挨拶
校長
「笠原 修人 (かさはら しゅうと) くんね。よろしくお願いします」
こちらへ向かって、穏やかそうな女性が丁寧に頭を下げる。
修人
「あ、こちらこそ、よろしくお願いします」
同じように頭を下げるが、どの程度下げるべきかがよくわからない。
上げるタイミングもわからなくて、そのまま横目で隣をチラ見する。
省吾
「不躾ですが、このような島に高校っていうのは、珍しいんじゃないですか?」
人前に出すとまともに見える父親が、出されたお茶を片手に問いかける。
校長
「そうですね。このあたりではここだけです。みんな、本土の高校に行ってしまいますから」
雑談が始まったのを確認して頭を上げた。
さりげなくお茶に手を伸ばしたりして。
省吾
「そうでしょうね。では、生徒は集まらないでしょう? 経営も大変そうだ」
校長
「いえ、元々が島の子たちを通わせるためにできた学校ですから。海にせよ、山にせよ、今どきは高校くらいは卒業させよう、と。島も子どもは減っていますけど、寄付金のおかげでなんとか」
漁師も農家も、島の産業は学歴の関係のない仕事だから、継ぐ子どもは中卒で十分ということか。

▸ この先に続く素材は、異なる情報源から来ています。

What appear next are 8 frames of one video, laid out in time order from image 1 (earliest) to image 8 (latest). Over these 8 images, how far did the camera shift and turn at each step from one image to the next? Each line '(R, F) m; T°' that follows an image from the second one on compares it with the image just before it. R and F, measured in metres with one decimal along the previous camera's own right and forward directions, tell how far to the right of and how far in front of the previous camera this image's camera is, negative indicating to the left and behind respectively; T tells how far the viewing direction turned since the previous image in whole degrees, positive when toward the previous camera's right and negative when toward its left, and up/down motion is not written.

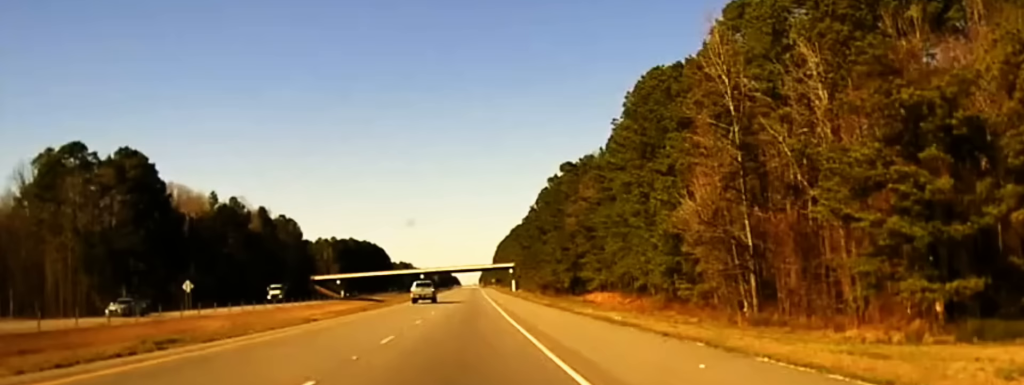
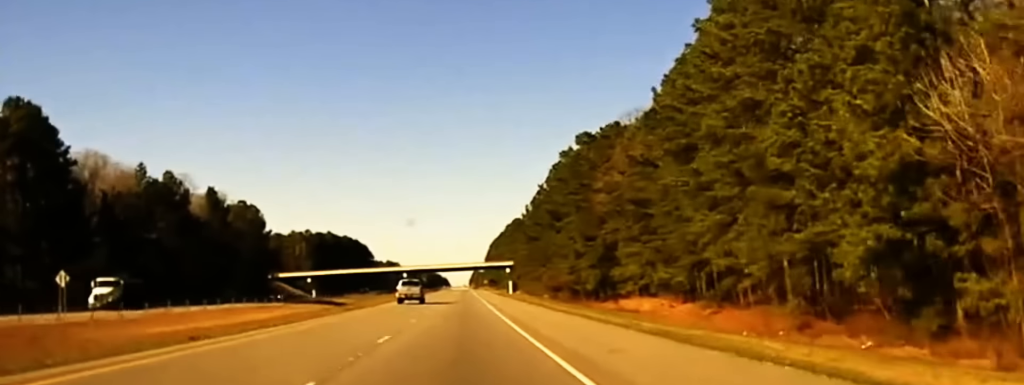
(0.0, +37.8) m; 0°
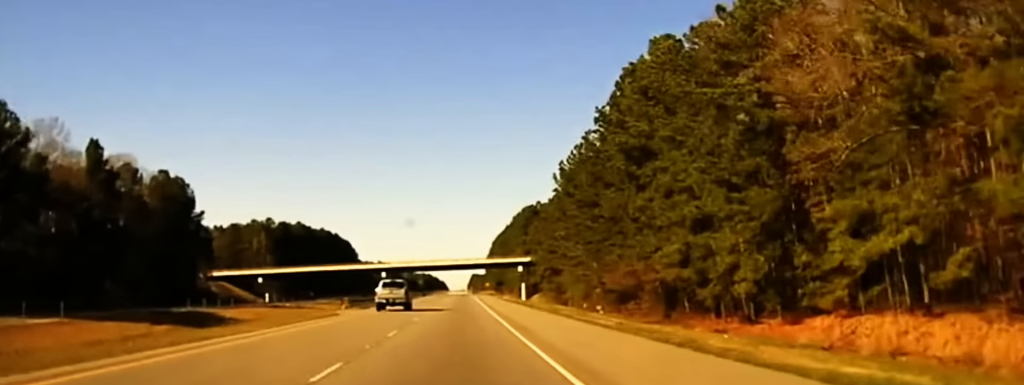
(+0.3, +59.5) m; 0°
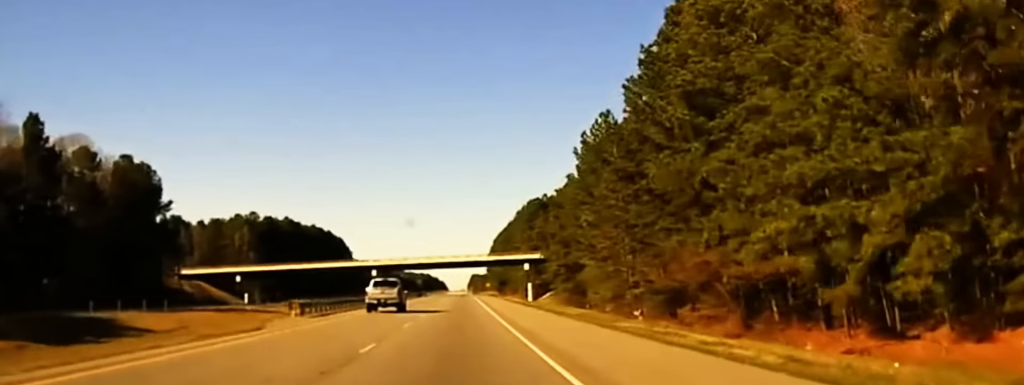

オレには継ぐ仕事なんてないけど、たとえそうでも、やっぱり高校くらいは行きたい気がするな。
省吾
「寄付金も島の中から?」
校長
「ええ。なんといっても子どもは宝ですからね。保護者の方々と、主に漁協の方から。外に出すとなると、色々お金もかかりますし」
島の外で変なことを覚えてそのまま島を離れられるよりはマシ、というのは考えすぎだろうか。
省吾
「先生を揃えるのも大変でしょう」
校長
「そうですね。そちらの方が大変です。お金で来てくれるような場所でもないですし、そんなに出せるわけでありませんし。ただ、大学へ行きたいという子もほとんどいませんから」
私立だからこそ、なのだろう。
いや、ちょっと待て。
修人
「あの、もし大学に行きたい場合は————?」
校長
「あ〜、けっこう自分でがんばらないと難しいかもしれませんね。通信とかで。でも、がんばってる子もいますよ。ちょうど修人くんと同じ学年にも」
と言って、ポンと手を打ち、
校長
「そうですね。お父さんにはまだ手続きをいくつかしてもらわなきゃいけないので、修人くん、その間に学校を見て回ったりしてみませんか?」
修人
「は、はぁ」
校長
「ちょうど、そのがんばってる子が今自習室で勉強してるはずなんですよ。彼女も本土から通っていてね、きっといい友だちになれると思うんです。せっかくだから案内してもらいましょうね」
こちらの返答すら待たず。そそくさと席を立った校長が、がらりと扉を開けて出て行った。
ここにきて、予想外の展開だ。
まぁ、職員室で居心地悪くお茶を飲んでいるというものなんではあるが、いきなり見知らぬ、しかも女子に、二人っきりで案内されるというのも、、、
などと、くどくど考えているうちに。
校長
「ごめんなさいね、お勉強の邪魔して。でも明日からはクラスメイトだし、せっかくだから」
おそらく口を閉じることなく戻ってきた校長が、再びがらりと扉を開ける。
校長の隣には、すらりとした少女が立っていた。
色白の顔、伏せがちの瞳。黒髪をまっすぐ伸ばして、紺のセーラー服を着ている。
どん、と横から肘をくらって、その弾みで立ち上がる。
視線が合った。一瞬だけ。
校長
「こちら、明日から転校してくる笠原 修人くん。こちらが同じ二年生の工藤 椎 (くどう しい) さんね。それじゃ工藤さん、笠原くんに学校を案内してくれるかしら?」
椎
「————はい」
工藤さんは小さな声で答え、小さく頷いた。
そして先導するように、職員室から出て行く。
修人
「あ、それじゃ、失礼しま〜す」
残る校長と父親に適当に声をかけつつ、続いて退室、後手に扉を閉じる。
校長
「——これで少しでも友だちを作ってくれるといいんだけれど」
扉の向こうのつぶやきは、聞こえなかったことにしよう、と思った。